Apa itu Snow Flurry?

Semburan salju dan angin yang ringan.

Keriuhan salju adalah embusan angin singkat disertai semburan salju ringan, yang biasanya tidak tetap tergeletak di tanah. Ini umum di sebagian besar iklim dingin dan tidak pernah terdengar di iklim sedang. Fenomena lain yang serupa adalah badai salju, yang melibatkan penurunan singkat, tetapi berat; dan hujan salju, yang menampilkan kejatuhan sedang dan berumur pendek, dengan beberapa akumulasi di tanah. Ditemani oleh angin, salju dapat menempuh jarak tertentu, dan terkadang mengejutkan orang yang melihatnya, tampaknya muncul entah dari mana pada hari yang cerah sempurna dan meledakkan mereka yang tidak curiga dengan hawa dingin yang menyengat. Seringkali, badai salju menunjukkan bahwa cuaca yang lebih serius sedang dalam perjalanan.

Kebingungan salju adalah embusan angin singkat yang disertai dengan semburan salju singkat.

Secara umum, salju dari kesibukan tidak menghasilkan penutup tanah, karena meleleh saat bersentuhan dengan permukaan, dan akan hilang hampir secepat kemunculannya. Namun, ketika salju turun di tanah yang sudah tertutup salju, biasanya akan menempel, karena suhu lingkungan sudah cukup jauh sebelum titik beku untuk memungkinkannya tetap tanpa mencair. Apalagi di daerah beriklim sedang, fenomena ini bisa jadi cukup mengasyikkan, karena orang biasanya hanya melihat hujan atau hujan es sesekali di musim dingin. Orang-orang di beberapa daerah perkotaan, seperti San Francisco, yang jarang mengalami salju, mungkin akan dikejutkan oleh peristiwa meteorologi yang sesekali terjadi ini.

Asal

Badai salju biasanya dikaitkan dengan awan kumulus.

Salju adalah fenomena meteorologi yang umum dan merupakan bagian penting dari siklus air.
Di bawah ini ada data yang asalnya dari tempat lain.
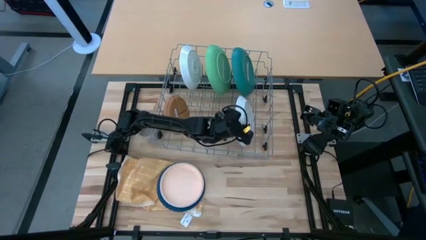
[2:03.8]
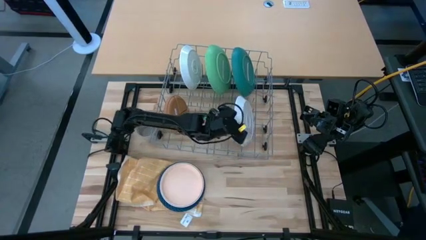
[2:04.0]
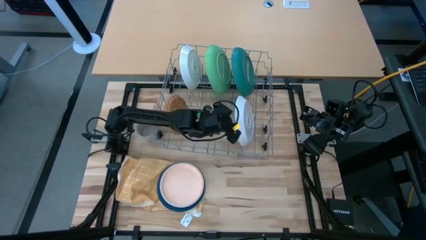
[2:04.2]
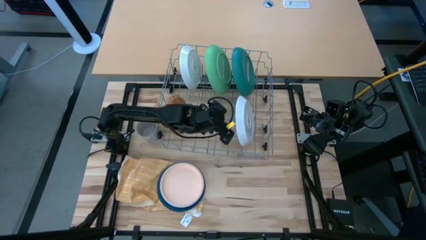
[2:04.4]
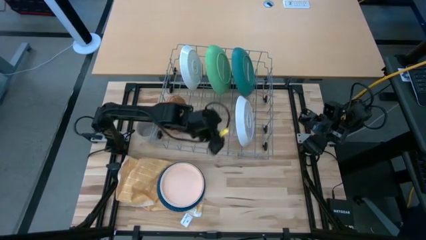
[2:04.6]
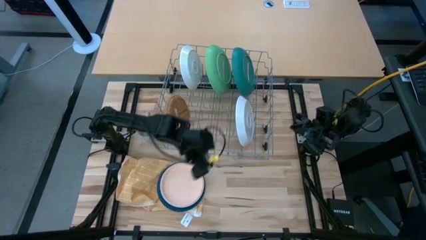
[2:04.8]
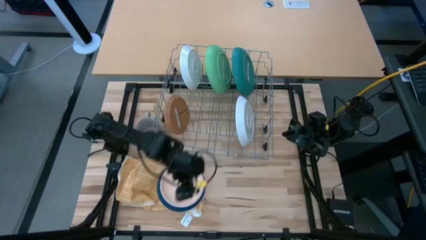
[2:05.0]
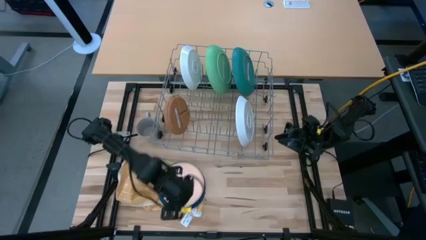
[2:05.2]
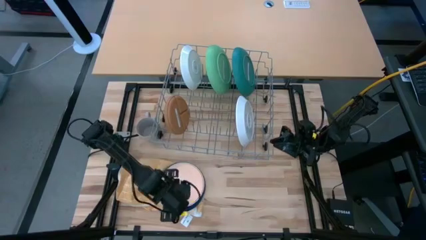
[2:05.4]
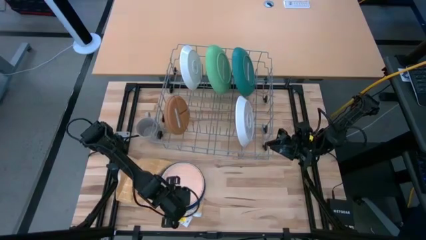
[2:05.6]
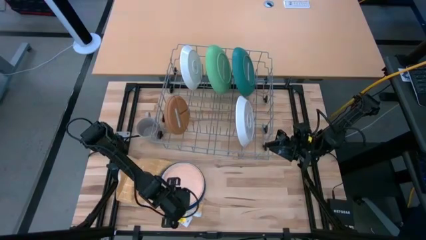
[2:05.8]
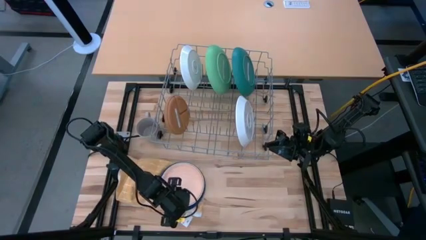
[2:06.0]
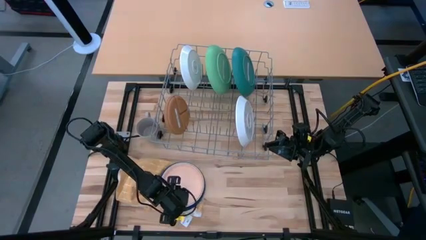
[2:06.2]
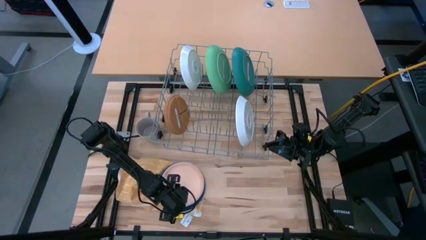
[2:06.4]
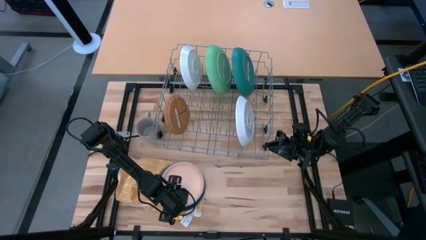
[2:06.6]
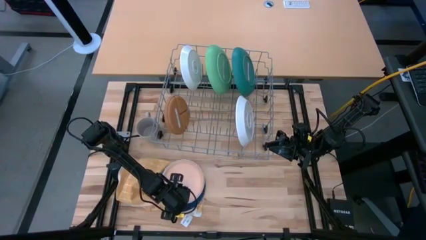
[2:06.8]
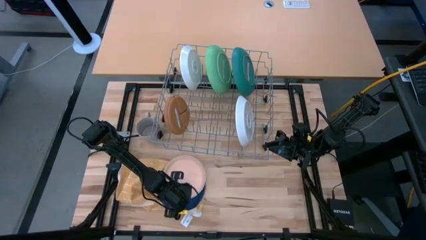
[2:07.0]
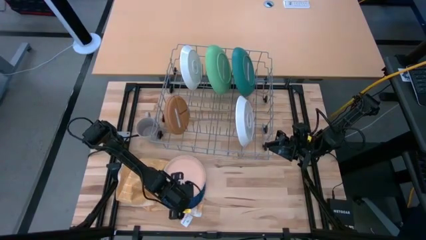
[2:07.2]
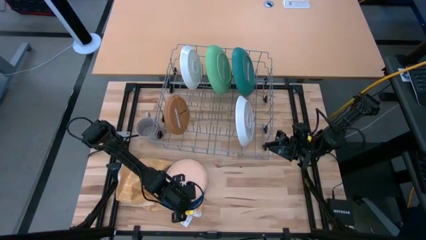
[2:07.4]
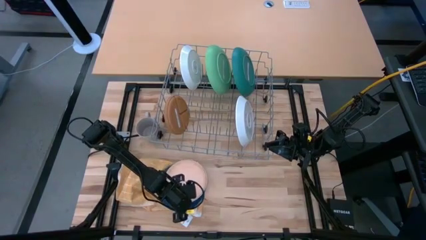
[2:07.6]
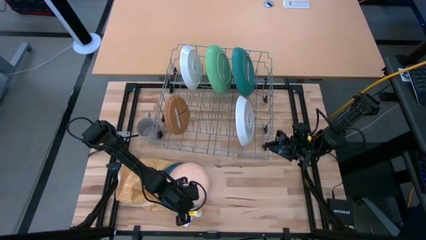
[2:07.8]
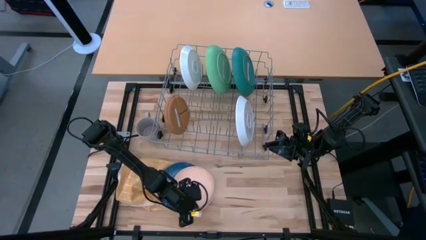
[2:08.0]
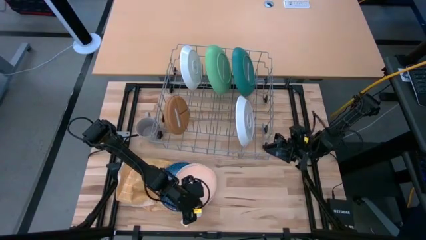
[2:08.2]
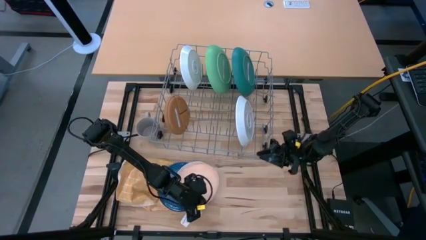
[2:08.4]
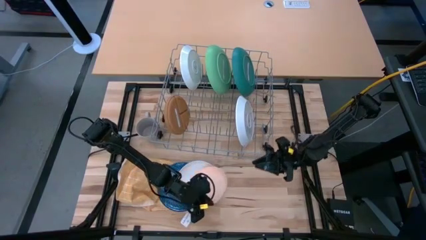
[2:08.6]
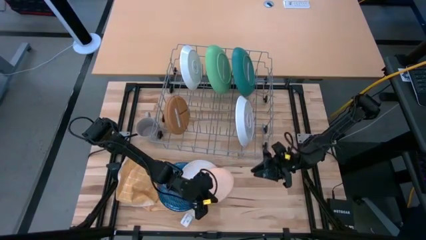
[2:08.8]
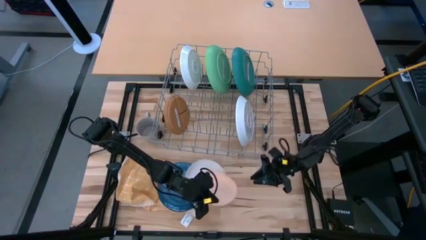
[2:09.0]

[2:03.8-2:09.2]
Task: Sort dishes
Put the orange plate in the dish rack

Ketika air menguap, ia berputar ke langit, di mana ia sering berubah menjadi tetesan, terlihat dalam bentuk awan. Ketika tetesan menjadi cukup berat, mereka jatuh sebagai hujan. Namun, jika cukup dingin, tetesan itu membeku membentuk kristal salju. Jika suhu tetap rendah, tetesan akan mempertahankan pembentukan kristalnya.
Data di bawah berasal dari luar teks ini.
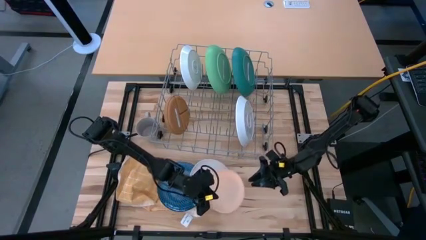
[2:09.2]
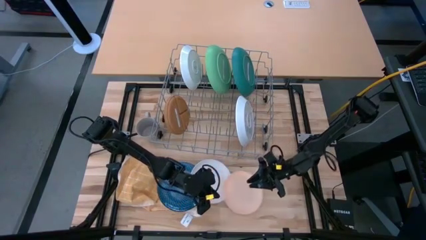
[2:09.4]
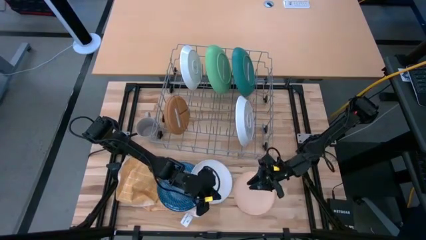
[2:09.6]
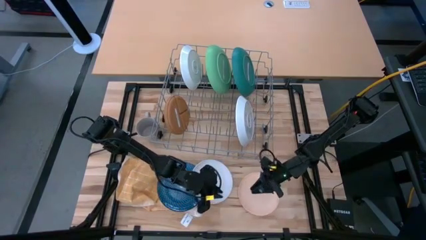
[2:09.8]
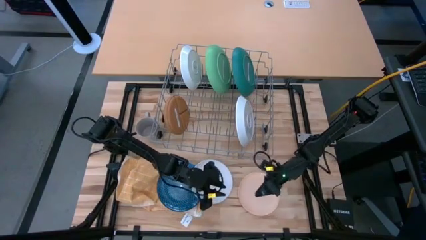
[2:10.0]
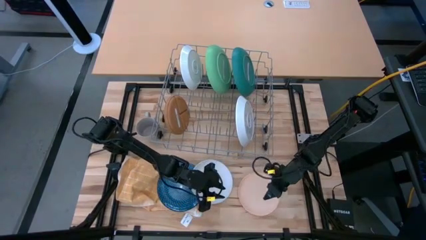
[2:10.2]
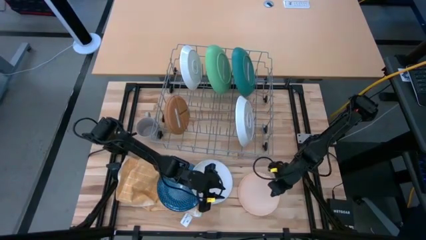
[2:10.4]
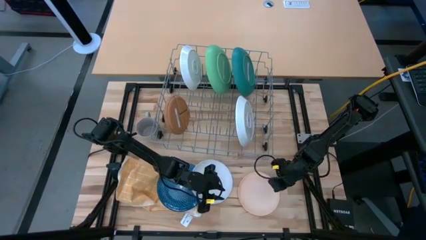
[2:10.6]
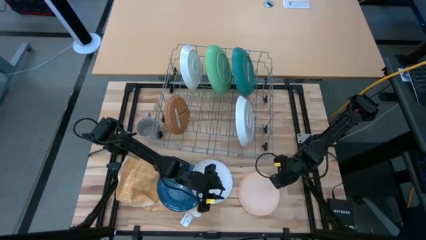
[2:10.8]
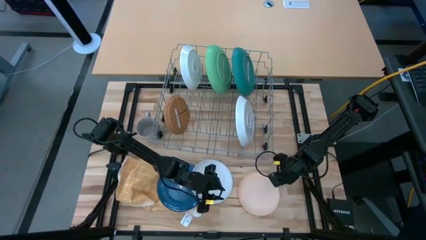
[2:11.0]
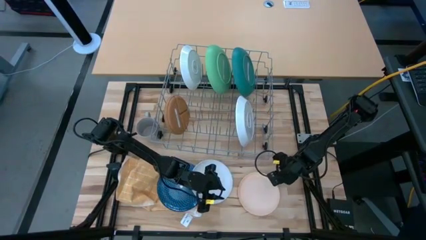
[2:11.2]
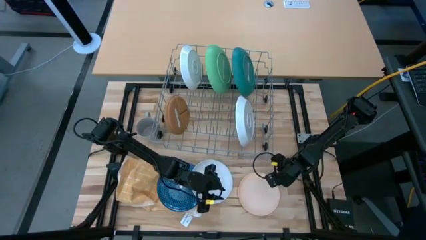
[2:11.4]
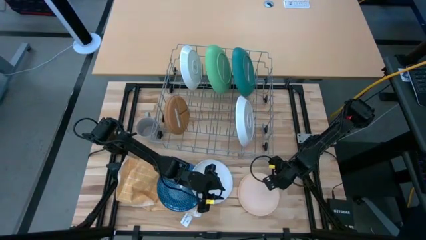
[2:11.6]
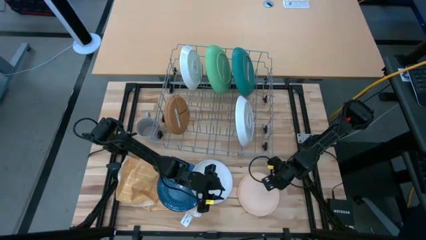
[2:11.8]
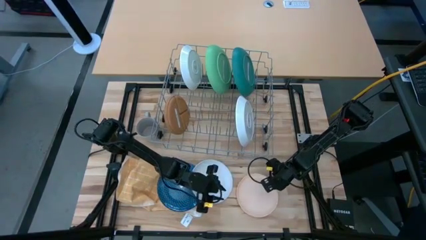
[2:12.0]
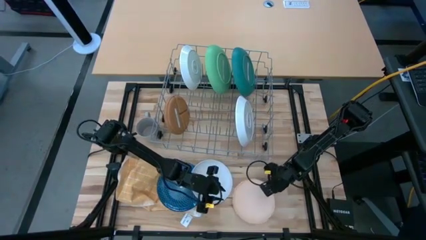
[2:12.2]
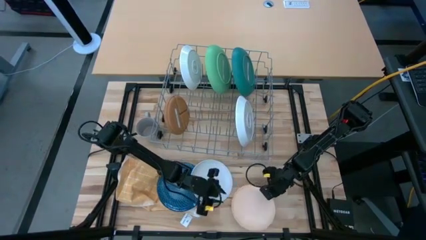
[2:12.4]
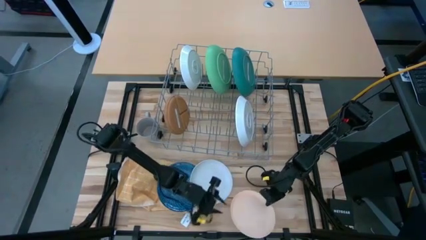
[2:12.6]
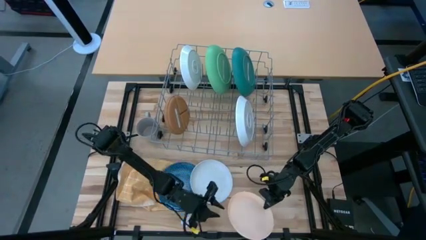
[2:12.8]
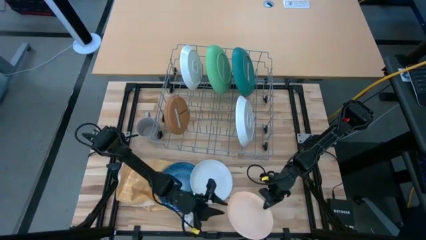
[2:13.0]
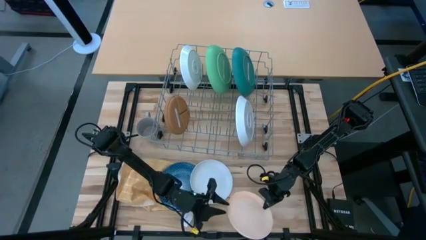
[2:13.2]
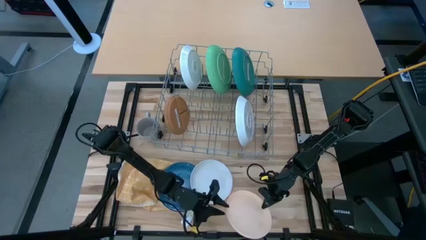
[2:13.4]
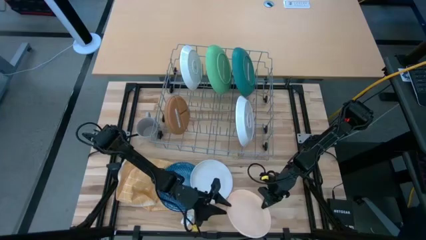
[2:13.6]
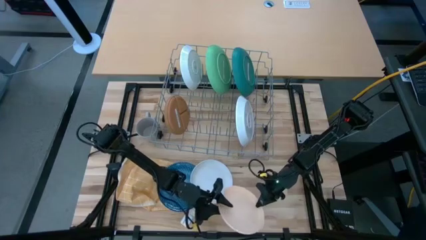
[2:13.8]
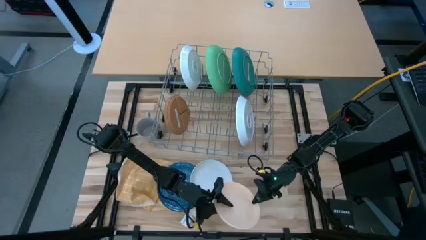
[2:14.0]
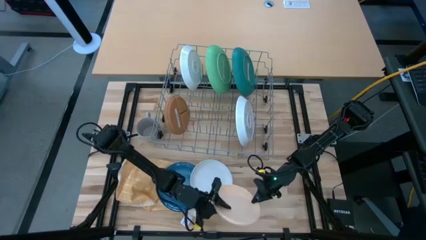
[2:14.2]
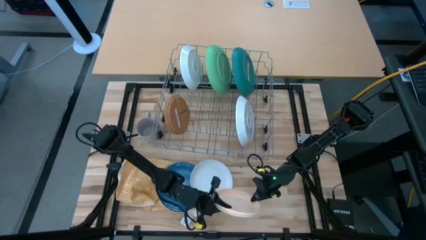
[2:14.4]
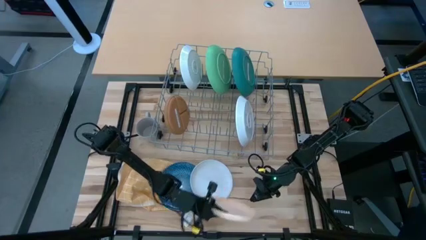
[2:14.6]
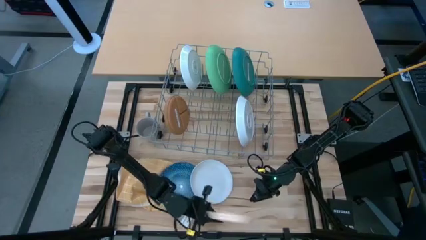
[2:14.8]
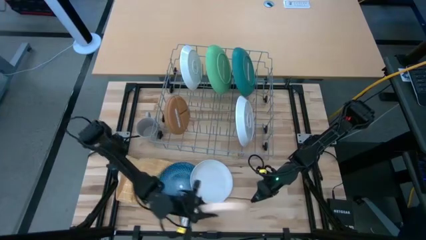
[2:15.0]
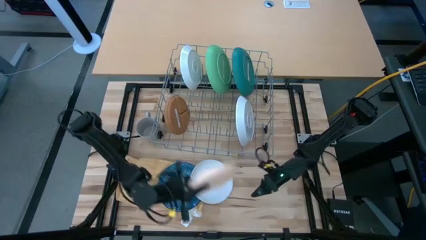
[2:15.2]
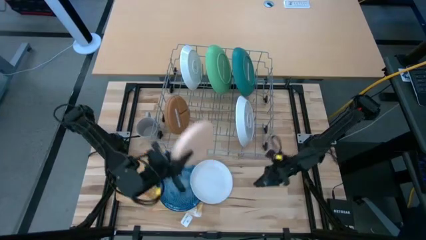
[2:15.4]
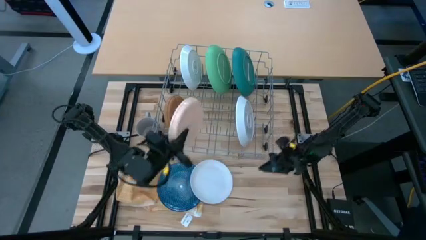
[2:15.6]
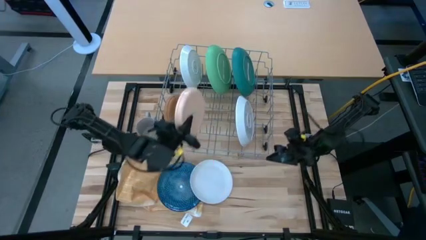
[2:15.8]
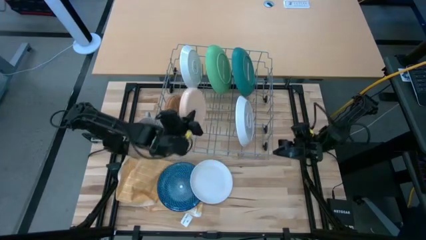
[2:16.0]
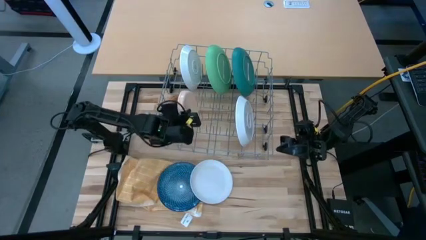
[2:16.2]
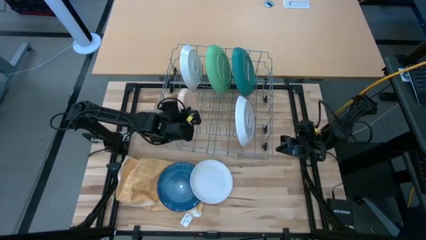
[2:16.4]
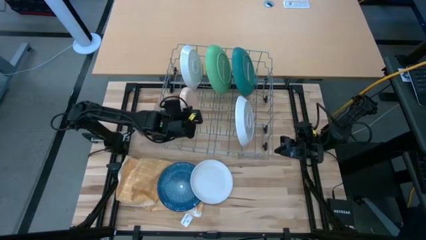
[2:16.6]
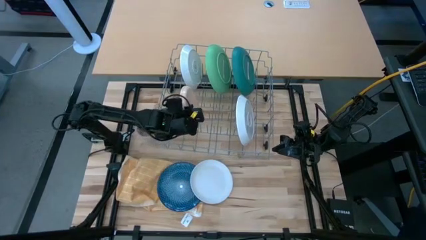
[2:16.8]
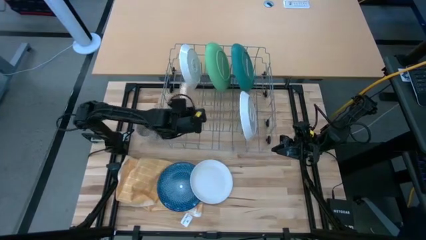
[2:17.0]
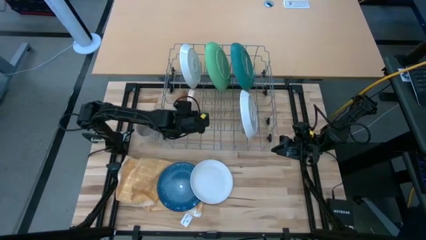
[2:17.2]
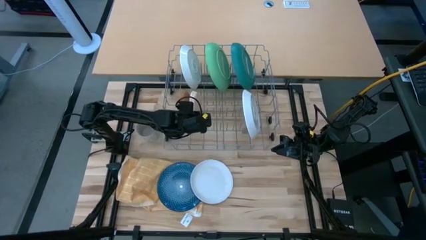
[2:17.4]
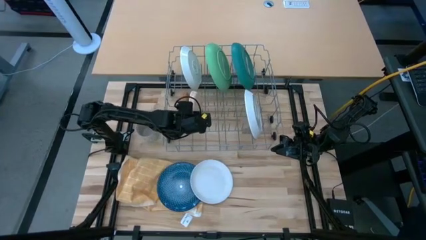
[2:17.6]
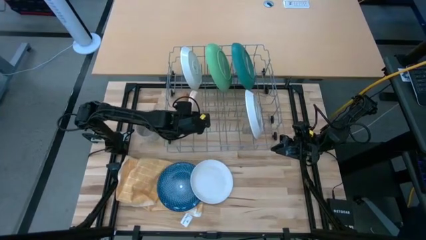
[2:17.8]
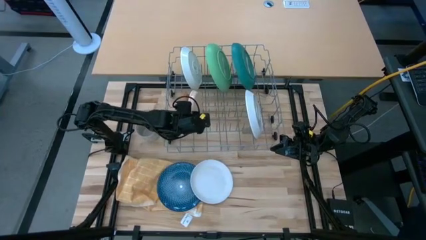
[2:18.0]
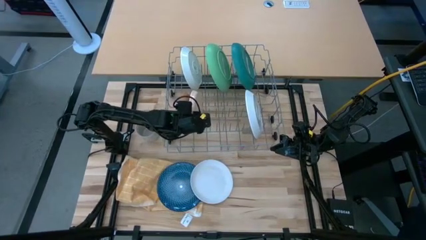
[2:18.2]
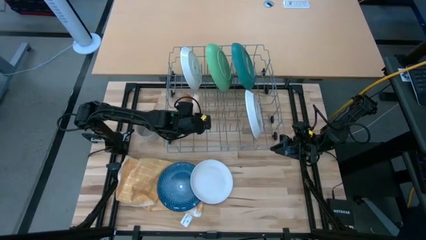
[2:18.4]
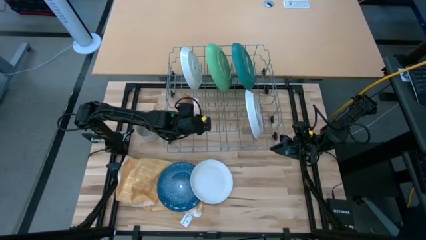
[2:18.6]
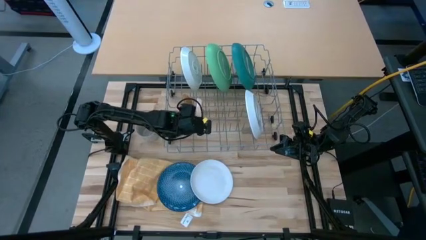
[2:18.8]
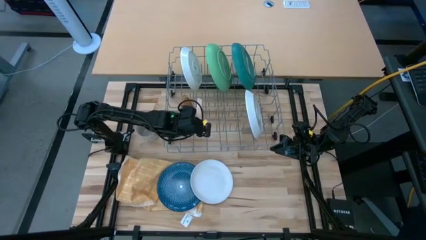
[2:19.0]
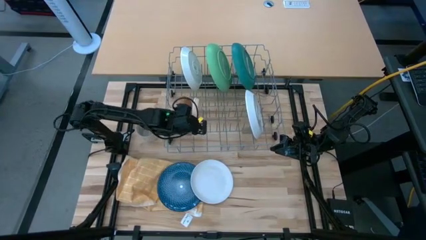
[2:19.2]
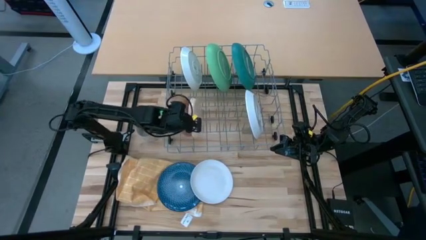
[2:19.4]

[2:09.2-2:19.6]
Put the orange plate in the dish rack

Hujan salju paling sering terjadi di daerah cuaca dingin.

Keributan salju disebabkan oleh tambalan awan yang terisolasi di mana tetesan telah membeku. Seperti badai dan hujan, mereka terkait dengan awan tipe konvektif, atau kumulus, daripada stratiform, atau berlapis, awan datar yang menghasilkan hujan salju yang stabil. Karena biasanya kecil, badai salju sulit diprediksi, dan umumnya tidak muncul di radar cuaca atau di stasiun pengamatan cuaca. Mereka juga biasanya berumur terlalu pendek untuk diperhatikan. Siapa pun yang menyaksikan peristiwa ini mungkin harus berlari keluar dengan cepat untuk mengalaminya, atau dia mungkin melewatkannya.

Bahaya

Badai salju dapat menyebabkan masalah mengemudi bagi masyarakat yang tidak siap menghadapi cuaca musim dingin.

Biasanya, badai salju tidak berbahaya, meskipun bisa membingungkan. Dalam beberapa kasus, cuaca ini dapat menimbulkan bahaya bagi pengemudi yang tidak siap yang harus menghadapi jarak pandang terbatas yang singkat dan mungkin lumpur salju di jalan yang akan mengubah cara kendaraan menangani. Cedera karena paparan jarang terjadi dalam kasus badai salju, meskipun kompromi singkat untuk visibilitas dan peningkatan licin dapat menyebabkan pratfalls. Namun, secara umum, badai salju hanya mengejutkan, dan terkadang menyenangkan.